One way I imagine dealing with this is that there is an oracle that tells us with certainty, for two algorithms and their decision situations, what the counterfactual possible joint outputs are. The smoothness then comes from our uncertainty about (i) the other agents’ algorithms (ii) their decision situation (iii) potentially the outputs of the oracle. The correlations vary smoothly as we vary our probability distributions over these things, but for a fully specified algorithm, situation, etc., the algorithms are always either logically identical or not.

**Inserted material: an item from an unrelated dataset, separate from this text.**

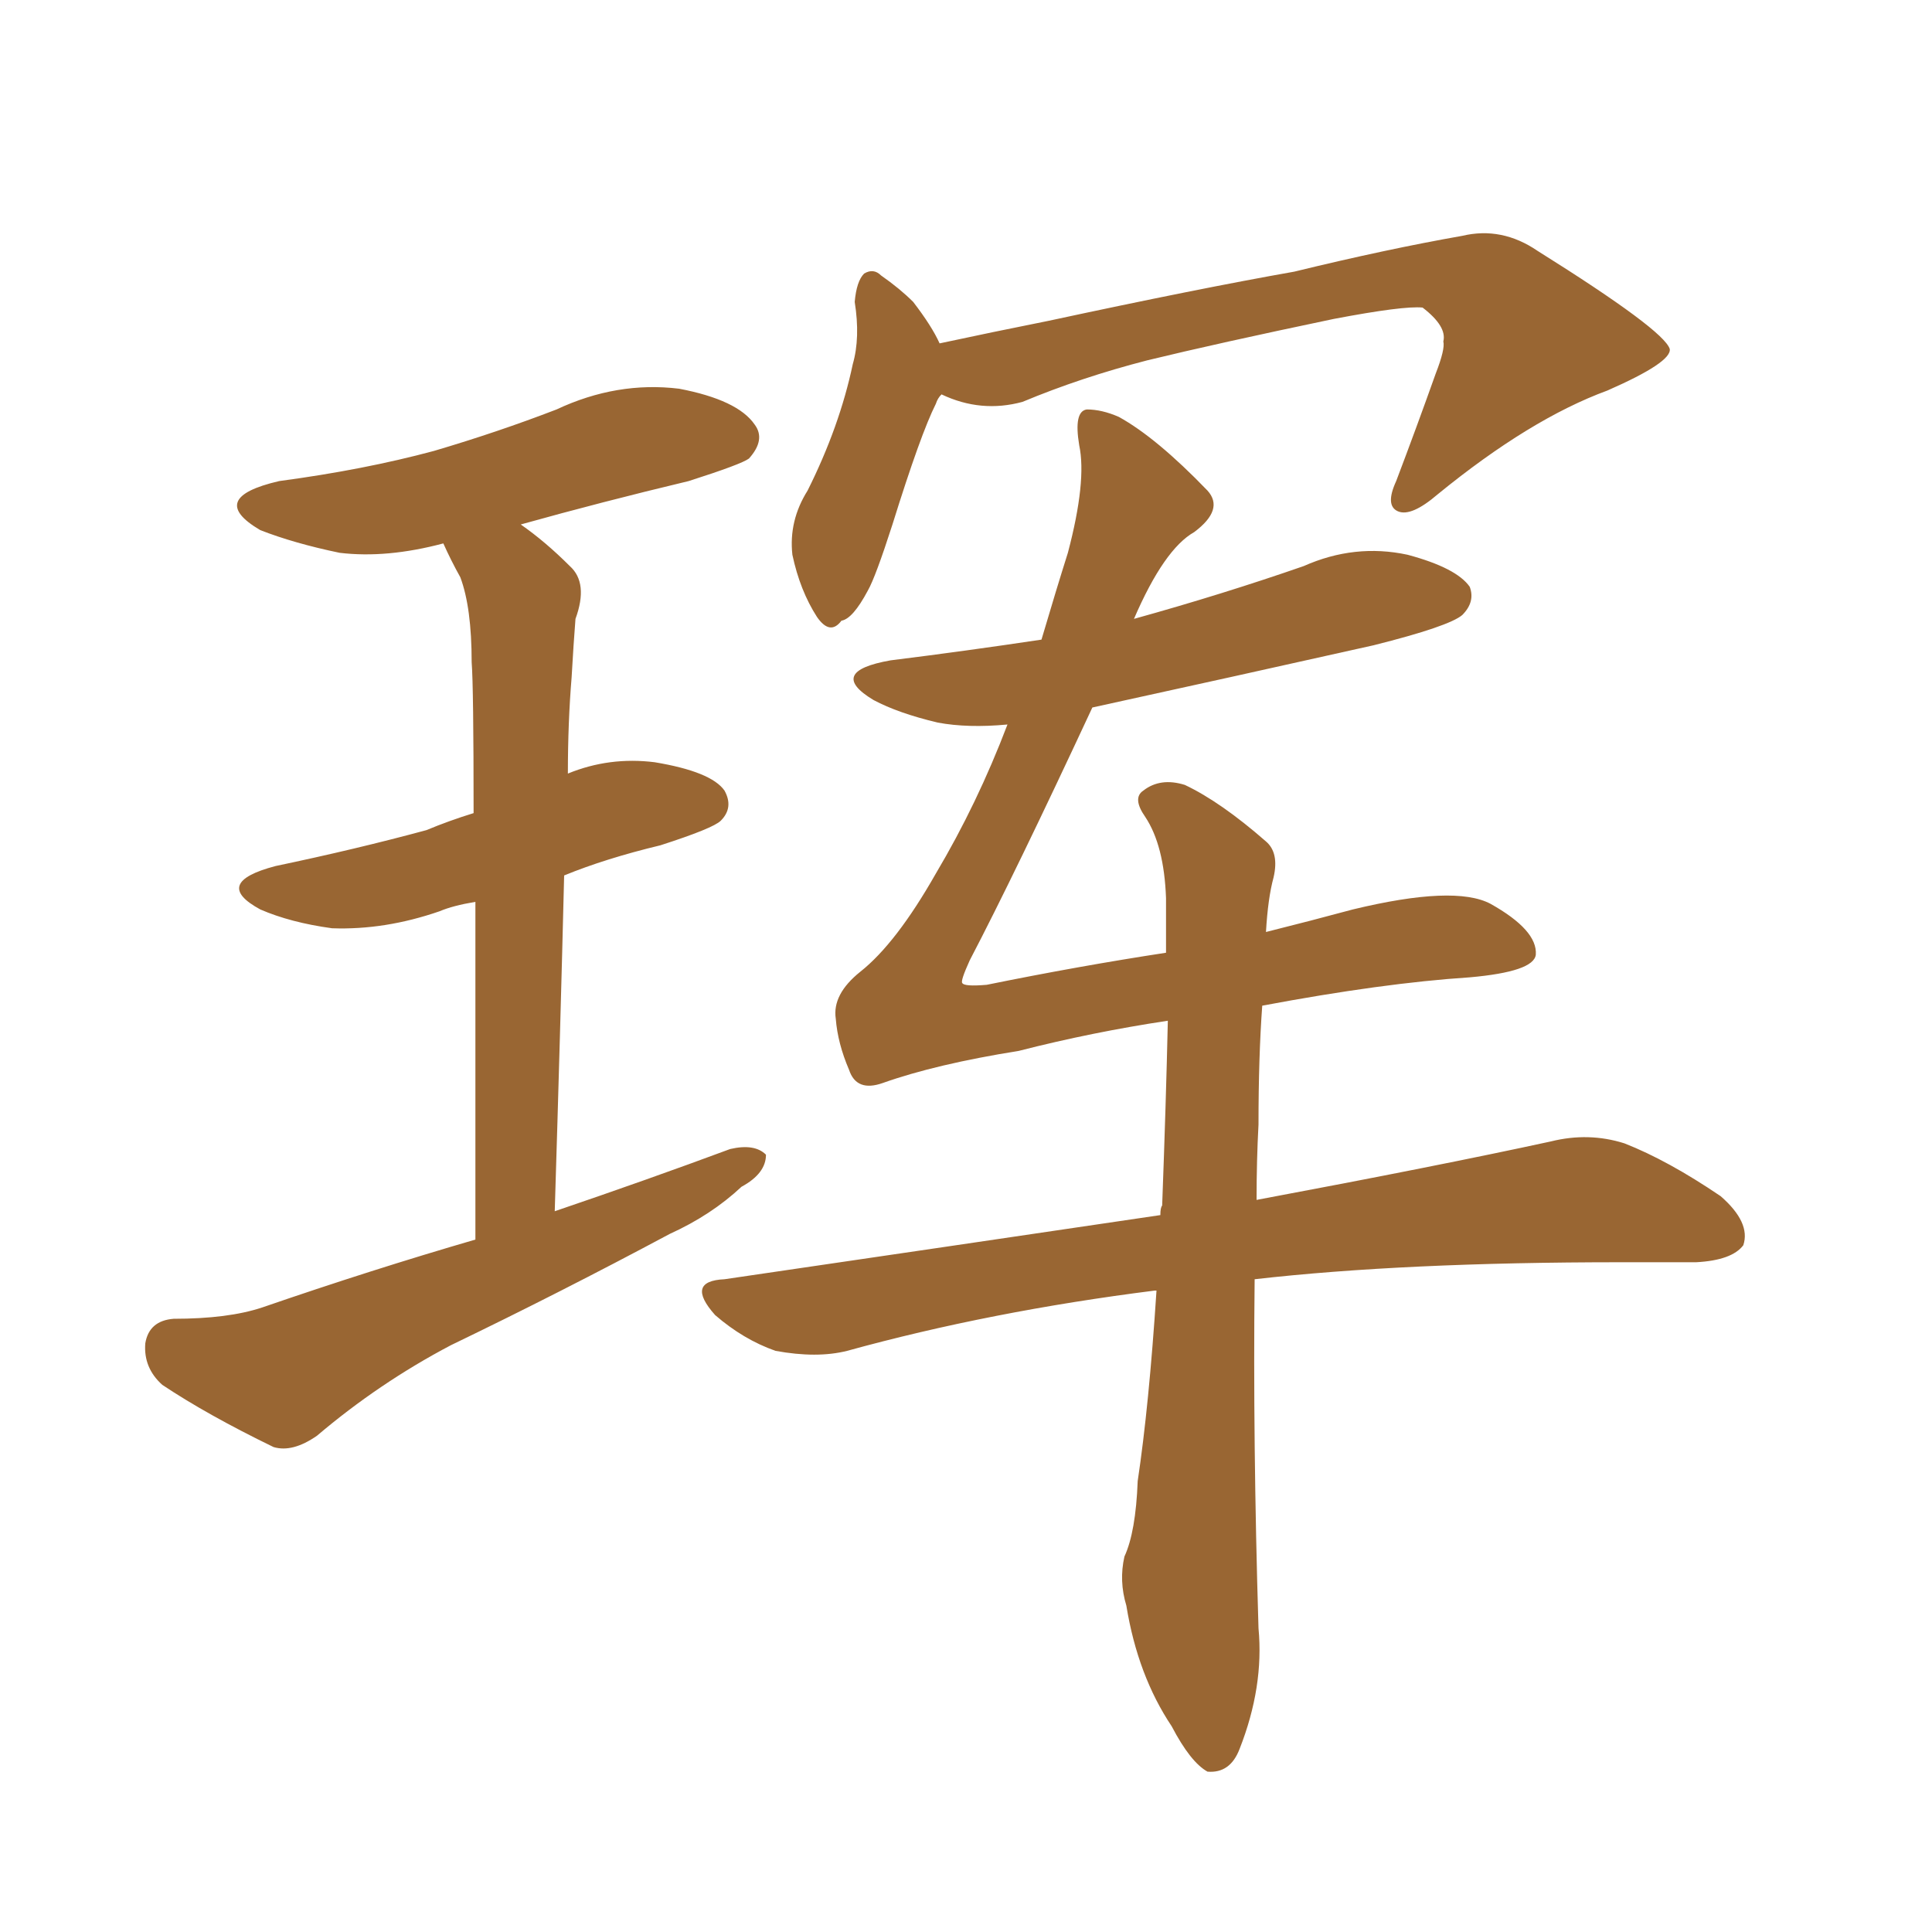 <svg xmlns="http://www.w3.org/2000/svg" xmlns:xlink="http://www.w3.org/1999/xlink" width="150" height="150"><path fill="#996633" padding="10" d="M36.91 96.24L36.91 96.24Q36.91 80.27 36.91 70.02L36.91 70.02Q35.16 70.31 34.13 70.75L34.13 70.75Q29.88 72.22 25.78 72.07L25.78 72.07Q22.56 71.63 20.21 70.61L20.21 70.61Q16.41 68.55 21.39 67.24L21.39 67.24Q27.69 65.92 33.11 64.45L33.11 64.45Q34.86 63.72 36.77 63.13L36.77 63.13Q36.77 53.32 36.62 51.42L36.62 51.42Q36.62 47.17 35.74 44.82L35.74 44.82Q35.01 43.51 34.42 42.19L34.42 42.19Q30.03 43.36 26.37 42.92L26.37 42.92Q22.85 42.19 20.21 41.16L20.21 41.16Q15.97 38.67 21.68 37.35L21.68 37.35Q28.27 36.47 33.69 35.01L33.69 35.01Q38.67 33.54 43.21 31.79L43.21 31.79Q47.90 29.59 52.73 30.18L52.73 30.18Q57.28 31.05 58.59 32.96L58.59 32.96Q59.47 34.13 58.15 35.60L58.15 35.60Q57.57 36.04 53.47 37.35L53.47 37.35Q46.73 38.96 40.43 40.72L40.43 40.72Q42.33 42.04 44.24 43.95L44.24 43.95Q45.70 45.26 44.68 48.05L44.68 48.05Q44.53 49.95 44.38 52.59L44.38 52.59Q44.09 56.10 44.09 60.06L44.09 60.06Q47.31 58.74 50.83 59.18L50.83 59.18Q55.22 59.91 56.25 61.38L56.25 61.38Q56.98 62.70 55.96 63.72L55.96 63.72Q55.37 64.31 51.27 65.63L51.27 65.63Q47.02 66.65 43.80 67.97L43.80 67.97Q43.51 79.83 43.07 94.04L43.07 94.04Q50.39 91.55 56.69 89.21L56.69 89.21Q58.59 88.77 59.47 89.65L59.47 89.65Q59.47 91.11 57.57 92.14L57.57 92.14Q55.22 94.34 52.00 95.80L52.00 95.80Q43.51 100.34 35.01 104.44L35.01 104.44Q29.44 107.37 24.61 111.47L24.61 111.47Q22.71 112.79 21.24 112.35L21.24 112.35Q16.11 109.86 12.60 107.52L12.60 107.52Q11.13 106.20 11.28 104.30L11.28 104.30Q11.57 102.54 13.48 102.39L13.48 102.39Q17.72 102.39 20.36 101.51L20.36 101.51Q28.86 98.58 36.91 96.24ZM73.10 30.62L73.10 30.62Q72.80 30.91 72.66 31.35L72.66 31.35Q71.48 33.69 69.29 40.72L69.29 40.72Q67.97 44.82 67.38 45.85L67.38 45.85Q66.21 48.05 65.33 48.19L65.33 48.19Q64.45 49.37 63.43 47.90L63.43 47.90Q62.11 45.85 61.52 43.07L61.52 43.07Q61.23 40.43 62.70 38.09L62.70 38.09Q65.19 33.11 66.21 28.27L66.21 28.27Q66.80 26.22 66.36 23.44L66.36 23.44Q66.50 21.83 67.09 21.24L67.09 21.24Q67.82 20.80 68.41 21.39L68.41 21.39Q69.87 22.41 70.90 23.44L70.90 23.44Q72.36 25.34 72.95 26.66L72.95 26.66Q77.05 25.78 81.45 24.90L81.45 24.90Q93.02 22.41 100.49 21.09L100.49 21.09Q107.67 19.34 113.53 18.31L113.53 18.31Q116.60 17.58 119.38 19.48L119.38 19.48Q129.20 25.63 129.64 27.10L129.64 27.10Q129.79 28.13 124.80 30.32L124.80 30.32Q118.80 32.52 111.62 38.38L111.62 38.38Q109.57 40.14 108.54 39.70L108.54 39.70Q107.52 39.26 108.40 37.35L108.40 37.35Q110.01 33.11 111.47 29.00L111.47 29.00Q112.21 27.10 112.06 26.51L112.06 26.51Q112.35 25.34 110.45 23.88L110.45 23.88Q108.98 23.73 103.56 24.76L103.56 24.76Q94.48 26.66 89.06 27.98L89.06 27.98Q83.94 29.30 79.39 31.20L79.39 31.20Q76.17 32.08 73.10 30.62ZM89.79 100.20L89.79 100.20L89.79 100.20Q89.65 100.20 89.65 100.20L89.65 100.20Q76.90 101.81 65.77 104.88L65.77 104.88Q63.43 105.47 60.21 104.88L60.21 104.88Q57.71 104.00 55.52 102.10L55.52 102.10Q53.17 99.46 56.25 99.32L56.25 99.32Q74.27 96.68 90.09 94.34L90.09 94.34Q90.09 93.75 90.23 93.60L90.23 93.60Q90.53 85.55 90.67 79.25L90.67 79.25Q84.81 80.13 79.10 81.59L79.10 81.59Q72.66 82.62 68.55 84.08L68.55 84.08Q66.50 84.81 65.92 83.06L65.92 83.06Q65.04 81.01 64.89 79.10L64.89 79.10Q64.60 77.20 66.80 75.44L66.80 75.44Q69.58 73.24 72.66 67.82L72.66 67.82Q75.88 62.40 78.22 56.25L78.22 56.25Q75.15 56.54 72.80 56.10L72.80 56.10Q69.73 55.37 67.82 54.35L67.82 54.35Q64.16 52.15 69.14 51.27L69.14 51.27Q75 50.54 80.86 49.66L80.86 49.66Q82.03 45.70 82.91 42.92L82.91 42.92Q84.38 37.35 83.79 34.57L83.79 34.57Q83.35 31.93 84.38 31.79L84.38 31.79Q85.55 31.79 86.87 32.37L86.87 32.37Q89.79 33.98 93.75 38.09L93.75 38.09Q95.07 39.55 92.72 41.31L92.72 41.31Q90.38 42.63 88.04 48.05L88.04 48.05Q94.92 46.14 101.22 43.95L101.22 43.95Q105.18 42.19 109.28 43.07L109.28 43.07Q113.09 44.09 114.11 45.56L114.11 45.56Q114.55 46.73 113.53 47.75L113.53 47.75Q112.50 48.63 106.64 50.10L106.64 50.10Q95.51 52.59 84.81 54.93L84.81 54.93Q78.81 67.82 75.29 74.56L75.29 74.56Q74.56 76.17 74.71 76.32L74.71 76.32Q74.85 76.61 76.61 76.46L76.61 76.46Q83.79 75 90.53 73.97L90.53 73.97Q90.53 71.63 90.53 69.73L90.53 69.73Q90.38 65.63 88.92 63.43L88.92 63.43Q87.89 61.96 88.77 61.38L88.77 61.38Q90.09 60.35 91.99 60.94L91.99 60.94Q94.78 62.26 98.29 65.33L98.29 65.33Q99.32 66.21 98.88 68.12L98.88 68.12Q98.44 69.73 98.29 72.36L98.29 72.36Q101.81 71.48 105.03 70.61L105.03 70.61Q112.94 68.70 115.72 70.17L115.72 70.17Q119.38 72.22 119.24 74.12L119.24 74.12Q119.09 75.44 114.11 75.88L114.11 75.88Q107.37 76.32 98.00 78.08L98.00 78.08Q97.71 82.03 97.71 87.30L97.71 87.30Q97.56 90.09 97.56 93.16L97.56 93.16Q111.62 90.53 120.41 88.62L120.41 88.62Q123.34 87.89 126.12 88.77L126.12 88.77Q129.49 90.09 133.59 92.87L133.59 92.87Q135.94 94.92 135.35 96.68L135.35 96.68Q134.47 97.85 131.69 98.00L131.69 98.00Q128.91 98.00 125.83 98.00L125.83 98.00Q108.98 98.00 97.41 99.32L97.41 99.32Q97.27 111.91 97.71 126.42L97.71 126.42Q98.14 130.96 96.24 135.79L96.24 135.79Q95.51 137.70 93.75 137.55L93.75 137.55Q92.43 136.82 90.97 134.03L90.97 134.03Q88.33 130.08 87.45 124.66L87.45 124.66Q86.87 122.75 87.30 120.85L87.30 120.85Q88.18 118.95 88.33 114.99L88.33 114.99Q89.21 109.13 89.79 100.20Z"/></svg>

Unfortunately, I don’t know what the oracle would be doing in general. I could also imagine that, when formulated this way, the conclusion is that humans never correlate with anything, for instance.
Hey, a rough point on a doubt I have. Not sure if it’s useful/novel.
Going through the mental processes of a utilitarian (roughly defined) will correlate with others making more utilitarian decisions as well (especially when they’re similar in relevant personality traits and their past exposure to philosophical ideas).
For example, if you act less scope-insensitive, ommission-bias-y, or ingroup-y, others will tend to do so as well. This includes edge cases – e.g. people who otherwise would have made decisions that roughly fall in the deontologist or virtue ethics bucket.
Therefore, for every moment you end up shutting off utilitarian-ish mental processes in favour of ones where you think you’re doing moral trade (including hidden motivations like rationalising acting from social proof or discomfort in diverging from your peers), your multi-universal compatriots will do likewise (especially in similar contexts).
(In case it looks like I’m justifying being a staunch utilitarian here, I have a more nuanced anti-realism view mixed in with lots of uncertainty on what makes sense.)
I remain unsure with MSR how to calculate the measure of agents in worlds holding positions to trade with so that we can figure out how much we should acausally trade with each. Also, how to address uncertainty about if anyone will independently arrive at the same position you hold and so be able to acausally trade with you since you can’t tell them about what you would actually prefer.
I still have doubts as to whether you should pay in Counterfactual Mugging since I believe that (non-quantum) probability is in the map rather than the territory. I haven’t had the opportunity to write up these thoughts yet as my current posts are building up towards it, but I can link you when I do.